В романе «Жизнь и судьба» (он был закончен в 1959 году, а издан за рубежом в 1980 году) один из героев Гроссмана, такой себе блаженный, вспоминает на одном дыхании и немецкие расстрелы евреев в Беларуси, и каннибализм в Советской Украине. В романе «Все течет» (на момент смерти Гроссмана в 1964 году он не был завершен, а за рубежом издан в 1970 году) он использует сходство со сценами немецких концлагерей, чтобы описать голод в Украине: «А крестьянские дети: видел ты, в газете печатали – дети в немецких лагерях? Одинаковы: головы, как ядра, тяжелые, шеи тонкие, как у аистов, на руках и на ногах видно, как каждая косточка под кожей ходит, как двойные соединяются, весь скелет кожей, как желтой марлей, затянут». Гроссман возвращается к этому сравнению нацистского и советского режимов снова и снова – не для того, чтобы вступить в полемику, а чтобы создать условность[767].
Как восклицает одна из героинь Гроссмана, ключом и к национал-социализму, и к сталинизму было их умение отбирать у групп людей их право считаться людьми. Таким образом, единственное, что остается, – провозглашать снова и снова, что это попросту неправда. Евреи и «кулаки» – «Люди! Люди они! Вот что я понимать стала. Все люди!»[768]. Это литература действует против того, что Арендт называла вымышленным миром тоталитаризма. Она пишет, что людей можно массово уничтожать, потому что лидеры, такие, как Сталин и Гитлер, могут вообразить мир без «кулаков» или без евреев, а затем заставить реальный мир подчиниться (пускай и не полностью) своему воображению. Смерть теряет свой моральный вес не потому, что ее скрывают, а потому, что она проникнута историей, которая привела к этой смерти. Мертвые тоже теряют свой человеческий образ; они беспомощно реинкарнированы как актеры в драме прогресса, даже когда этой истории противостоит идеологический враг (или, пожалуй, именно тогда). Гроссман извлек жертв из какофонии столетия и сделал их голоса слышимыми в нескончаемой полемике.

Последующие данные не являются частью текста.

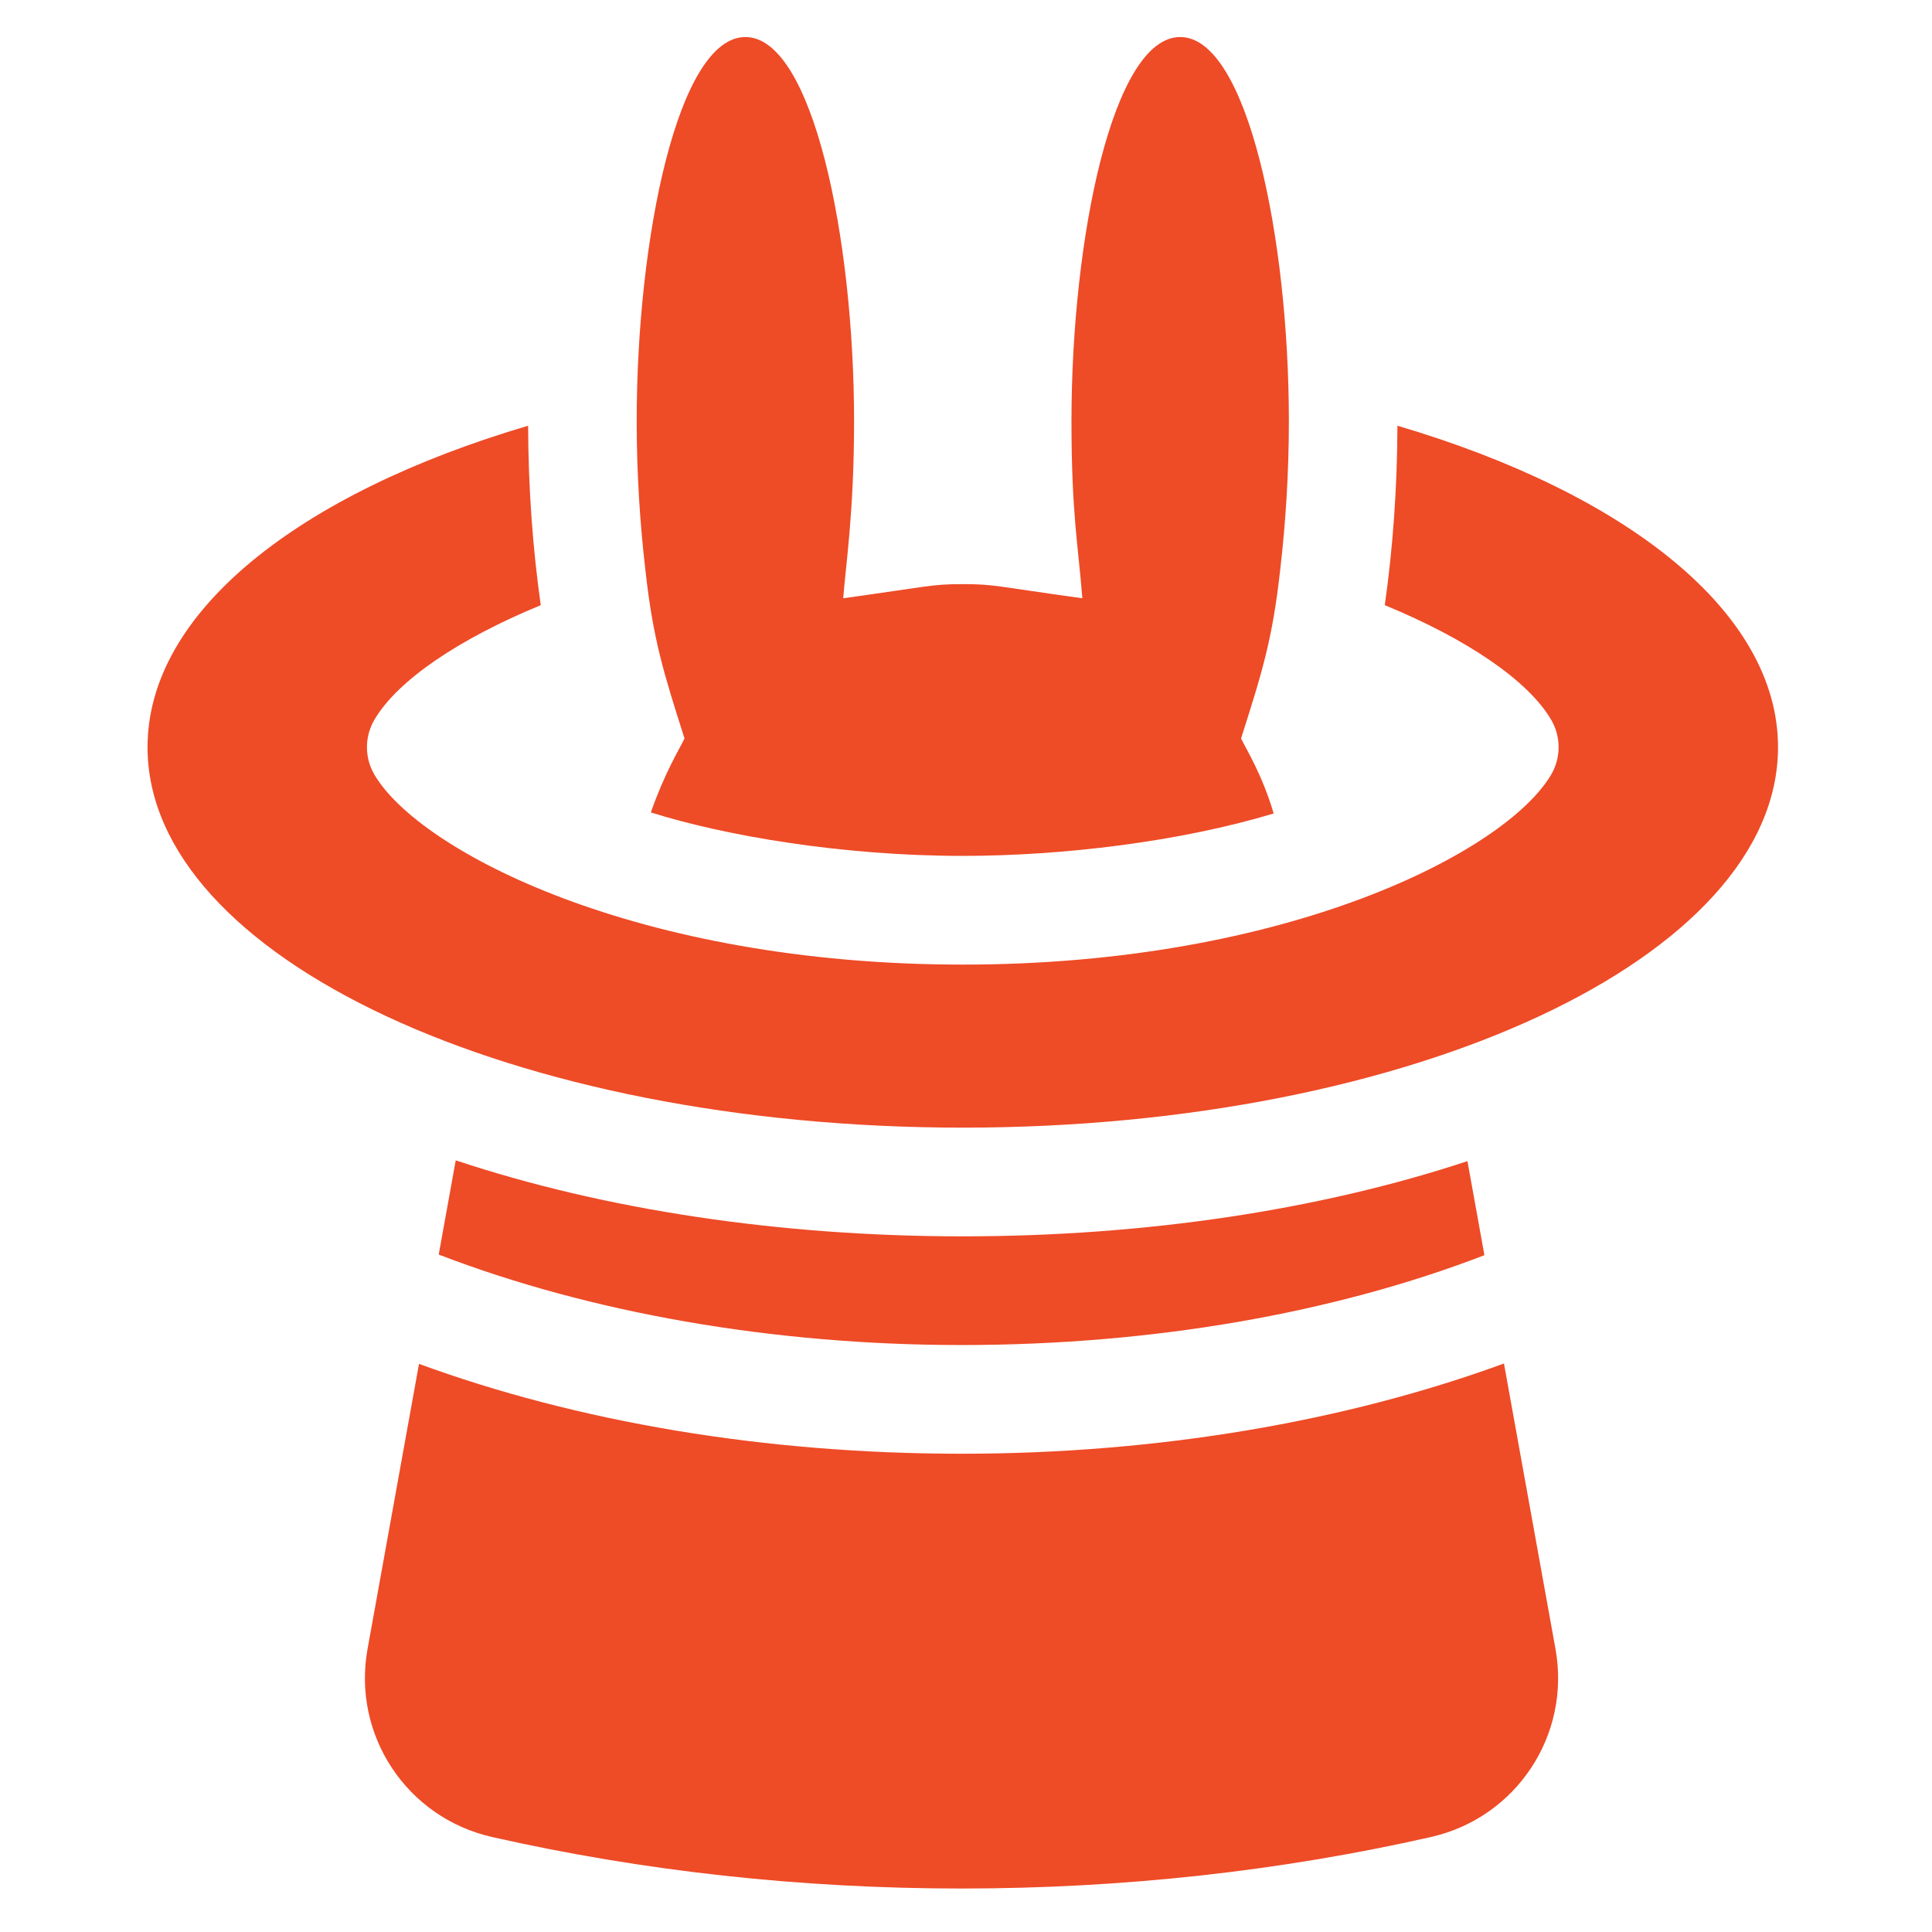 <svg xmlns="http://www.w3.org/2000/svg" xmlns:xlink="http://www.w3.org/1999/xlink" id="Layer_1" x="0px" y="0px" width="600px" height="600px" viewBox="0 0 600 600" xml:space="preserve"><g>	<g>		<path fill="#EE4B27" d="M400.271,130.775c0-56.711-12.827-119.275-33.758-119.275c-20.93,0-33.757,62.564-33.757,119.275    c0,28.888,2.123,38.85,3.375,55.025c-27.052-3.741-27.238-4.389-37.133-4.389c-9.87,0-10.227,0.667-37.133,4.389    c0.84-10.846,3.375-26.792,3.375-55.025C265.242,74.064,252.415,11.5,231.486,11.5s-33.757,62.564-33.757,119.275    c0,16.203,1.014,31.732,2.702,46.247c2.397,21.567,5.619,31.789,12.152,52.324c-1.775,3.622-6.087,10.551-10.464,22.955    c23.241,7.322,59.649,13.502,96.883,13.502c31.08,0,67.502-4.414,96.547-13.166c-3.555-12.086-8.505-19.916-10.129-23.292    c6.53-20.519,9.757-30.742,12.152-52.324C399.258,162.508,400.271,146.979,400.271,130.775z"></path>	</g></g><g>	<g>		<path fill="#EE4B27" d="M433.986,132.214c-0.062,19.737-1.479,38.478-3.927,55.723c25.328,10.433,44.482,23.326,51.655,35.573    c3.099,5.275,3.099,11.802,0,17.077c-13.96,23.785-81.674,58.977-182.715,58.977c-101.042,0-168.754-35.19-182.715-58.977    c-3.099-5.275-3.099-11.801,0-17.077c7.174-12.247,26.327-25.137,51.654-35.57c-2.445-17.243-3.863-35.985-3.925-55.726    C93.073,153.149,45.82,189.98,45.82,232.049c0,65.253,113.352,118.15,253.18,118.15c139.829,0,253.18-52.897,253.18-118.15    C552.18,189.98,504.928,153.149,433.986,132.214z"></path>	</g></g><g>	<g>		<path fill="#EE4B27" d="M455.728,360.601c-45.91,15.178-100.158,23.356-156.728,23.356c-56.876,0-111.4-8.27-157.468-23.605    l-5.282,29.266c46.67,17.947,103.299,28.097,162.356,28.097c59.549,0,115.892-9.973,162.392-27.902L455.728,360.601z"></path>	</g></g><g>	<g>		<path fill="#EE4B27" d="M483.071,512.108l-16.003-88.662c-49.306,18.044-107.51,28.025-168.461,28.025    c-61.31,0-119.35-9.907-168.482-27.91l-15.981,88.547c-4.827,26.744,12.171,52.396,38.699,58.401    c46.875,10.611,95.918,15.99,145.764,15.99c49.845,0,98.888-5.379,145.762-15.991C470.899,564.504,487.897,538.85,483.071,512.108    z"></path>	</g></g></svg>

Итак, возьмем у Арендт и Гроссмана две простые идеи: первая – легитимное сравнение нацистской Германии и сталинского Советского Союза должно не только объяснить преступления, но и принять человечность всех, кто был к ним так или иначе причастен, включая жертв, палачей, сторонних наблюдателей и лидеров государств. Вторая – легитимное сравнение должно начинаться с жизни, а не со смерти. Смерть – это не решение проблемы, а только тема для разговора. Она должна быть источником беспокойства, а не удовлетворенности. И более всего она не должна быть яркой риторической кульминационной точкой, которая подведет историю к предопределенному концу. Поскольку жизнь придает значение смерти, а не наоборот, важный вопрос состоит не в том, какое политическое, интеллектуальное, литературное или психологическое примирение со случившимся можно извлечь из факта о массовом уничтожении. Примирение со случившимся – это мнимая гармония, это песня сирены, маскирующаяся под лебединую песню.
Важным является вот какой вопрос: как могло (как может) случиться, что столько человеческих жизней было доведено до насильственного конца?
* * *
И в Советском Союзе, и в нацистской Германии утопии продвигались, корректируемые реальностью, а затем воплощались в массовом уничтожении: осенью 1932 года – Сталиным, а осенью 1941 года – Гитлером. Сталинская утопия состояла в том, что Советский Союз можно коллективизировать за девять–двенадцать недель; гитлеровская – в том, что за такое же время Советский Союз можно завоевать. В ретроспективе каждая из этих утопий кажется ужасно непрактичной. Однако каждая из них была воплощена – под прикрытием большой лжи и даже когда провал был очевиден. Мертвые человеческие существа приводили ретроспективные аргументы в пользу правильности политики. Таким образом, и у Гитлера, и у Сталина была определенная политика тирании: они привели к катастрофам, обвинили определенного (по своему выбору) врага, а затем использовали смерти миллионов человек для утверждения необходимости или желательности своей политики. У каждого из них была трансформационная утопия и группа людей, которую можно было обвинить, когда реализация этой утопии оказывалась невозможной, а затем политика массового уничтожения, которую можно было провозгласить своего рода эрзац-победой.